William’s health was still fairly good; it had been five years since his triple bypass operation, and while his energy reserves were clearly ebbing, his spirits were good. He was restless to be writing and keeping busy, and he said he was trying to reach a new synthesis of writing and painting, but without feeling that he had succeeded. Between diminished stamina and the arthritis in his hands, William had become unable to type more than a few lines. He often jotted down his thoughts—and, as always, his dreams—on index cards, but it was impossible to keep track of these or put them in any order. After our colleague Jim McCrary and I tried in vain to find a new typewriter that William could use, the idea arose to furnish him with bound blank books, in place of the index-card system.

It was in mid-November 1996 that Burroughs began to write the journals that are presented in this book. The first entry records the death of his cat, Calico Jane. In 260 days from November 14, 1996, to August 1, 1997, he made 168 entries. These writings include successive drafts of several short routines; remarks on books he was reading or had read long ago, and scenes suggested by them; lists of favorite lines from a lifetime of reading and listening; fits of impotent rage at man’s stupidity; day-to-day commentary; the heartbreak of the deaths of his beloved cats; and the contemplation of his own mortality. As late as these last nine months of his life, Burroughs was still compelled to do imaginary battle with his primordial foes: “Drug Warriors,” school-stupid FBI men, cat-haters, humans destroying the earth’s species in their arrogance: “When whales and seals and elephants weep, I cannot suppress the deadly Sin of Anger.”

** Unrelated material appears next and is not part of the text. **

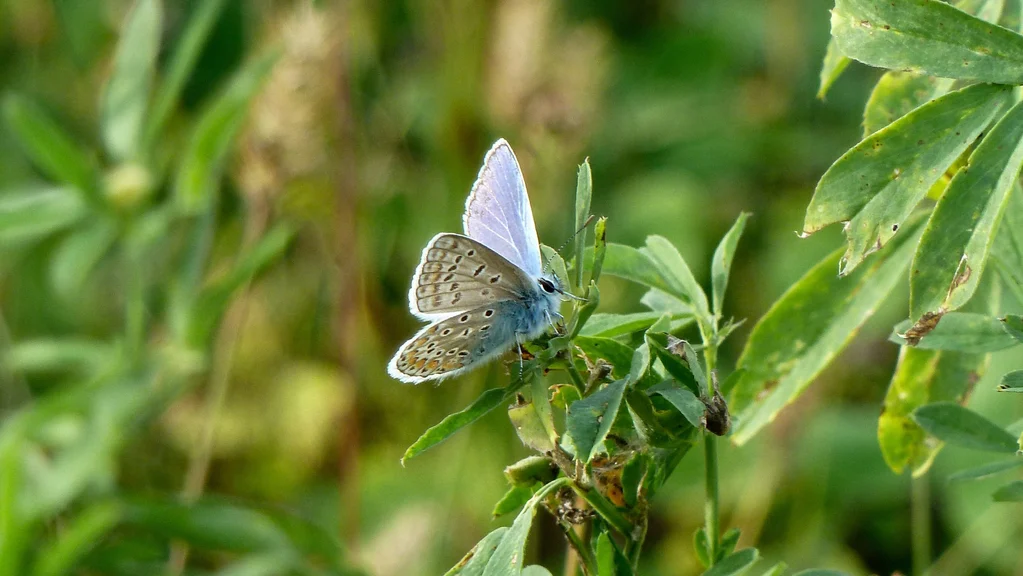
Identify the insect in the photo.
Polyommatus icarus
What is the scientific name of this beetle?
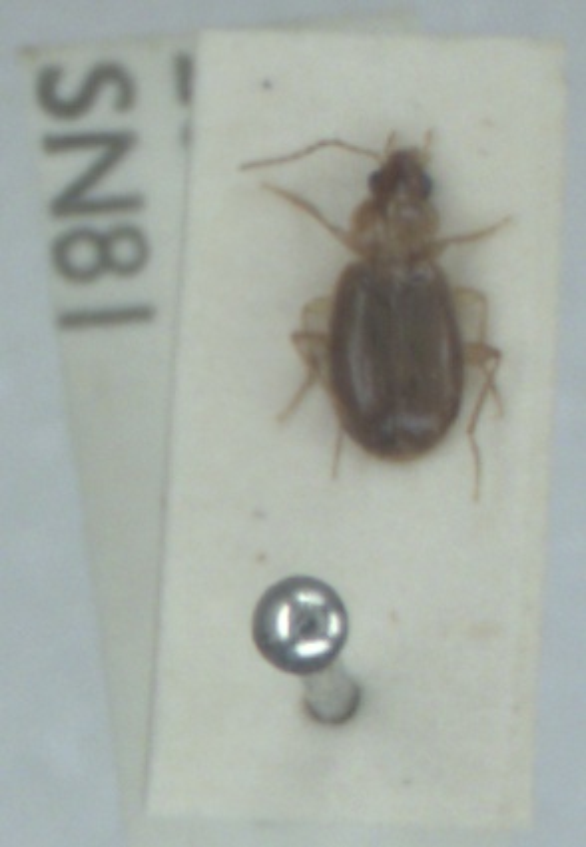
Ocys harpaloides
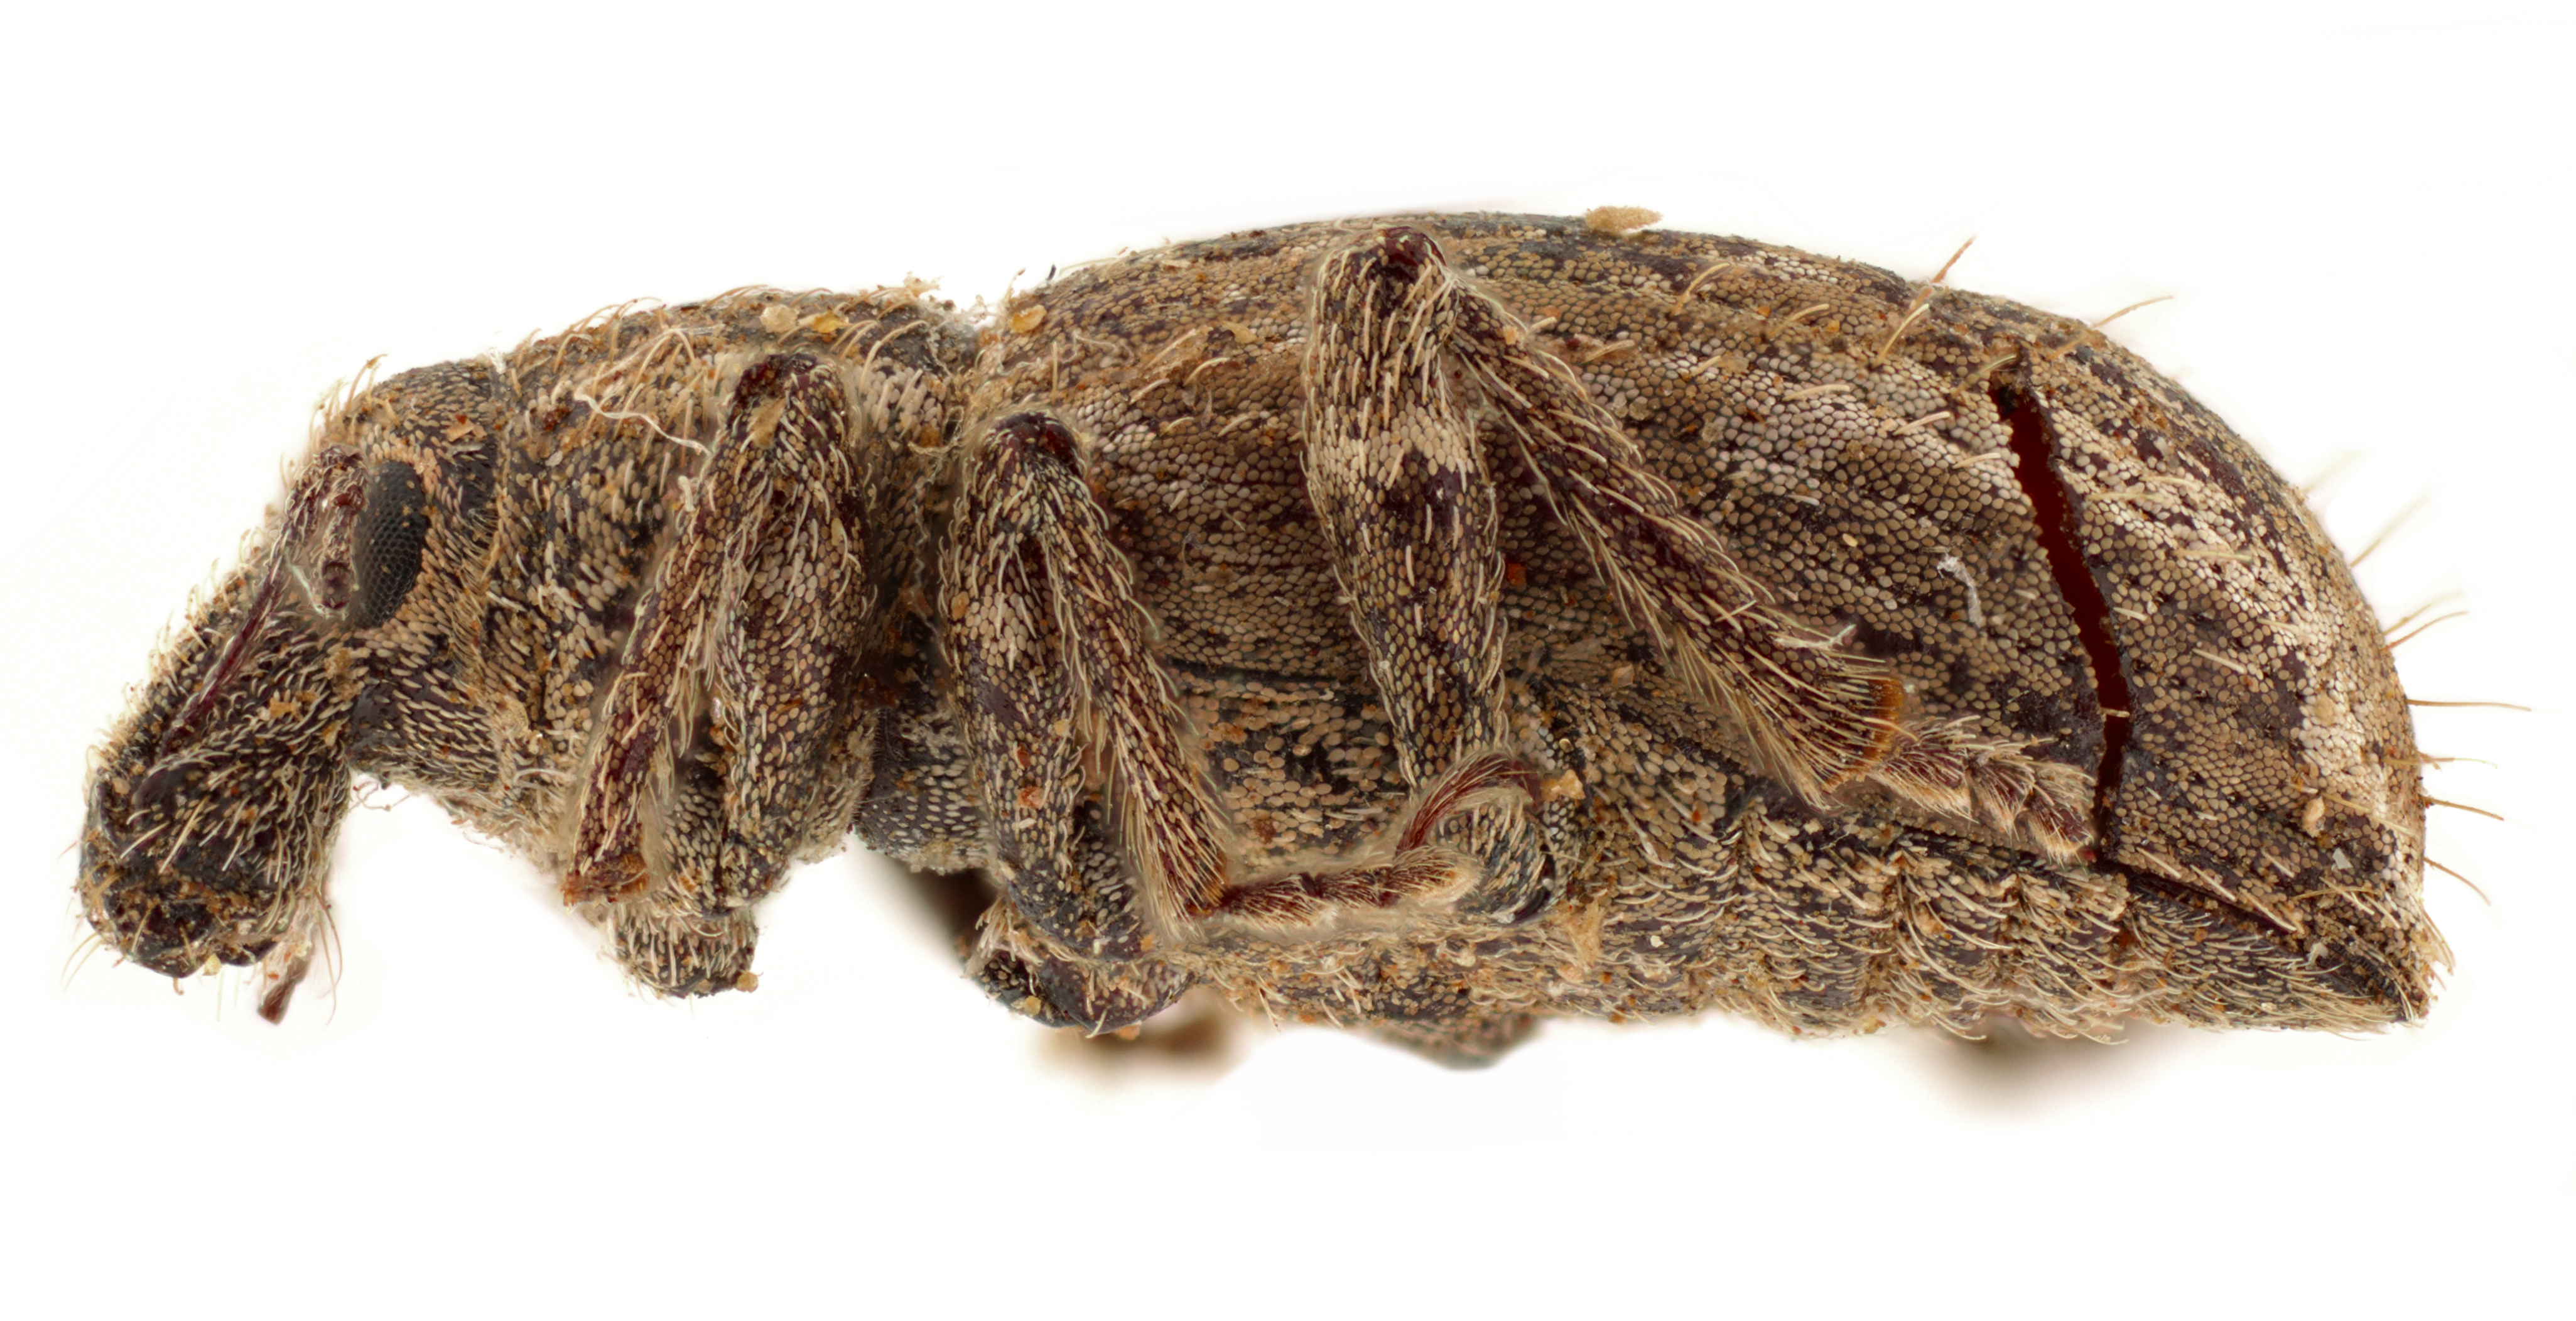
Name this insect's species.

The significance of William’s empathy with animals cannot be overstated. “My relationship with cats has saved me from a deadly and pervasive ignorance,” he wrote in notes for The Cat Inside, begun in 1982 at “the Stone House” south of Lawrence. As related in that short book, he was befriended soon after his arrival in Lawrence by three or four stray cats. When he moved into town to Learnard Avenue he brought along his favorite: Ruski, a Russian Blue. William had not always been a cat-lover, far from it; although he shuddered to remember it, he had several times been cruel to cats in Texas and Mexico. But now he thought often of the many people in his life who had died, and the cats seemed to represent them for him.

At his house on Learnard Avenue with its deep backyard garden, William took in a longhaired orange female stray whom he named Ginger. She mated with Ruski and produced “the orange litter,” which included Calico Jane. The all-black Fletch was a foundling in downtown Lawrence in 1984, and he quickly became William’s new favorite. Jane bore a litter to Fletch, and William gave the kittens to me and other friends. A male that William called Thomas appeared and disappeared in 1985–86, but another refugee, Mutie, a bulbous orange female tabby, stayed on after mating with Thomas. Her litter was distributed among friends, except for Senshu, the gray tabby female, who spent her life with William and her mother Mutie. After William brought Fletch into the house, the aging Ruski became undomesticable and he was farmed out to friends at a cabin on Lone Star Lake. It was around this time that William realized the folly of his prejudice against neutering his cats, and thereafter the only new addition to the cat family was Spooner, a longhaired gray-and-white male who was very affectionate.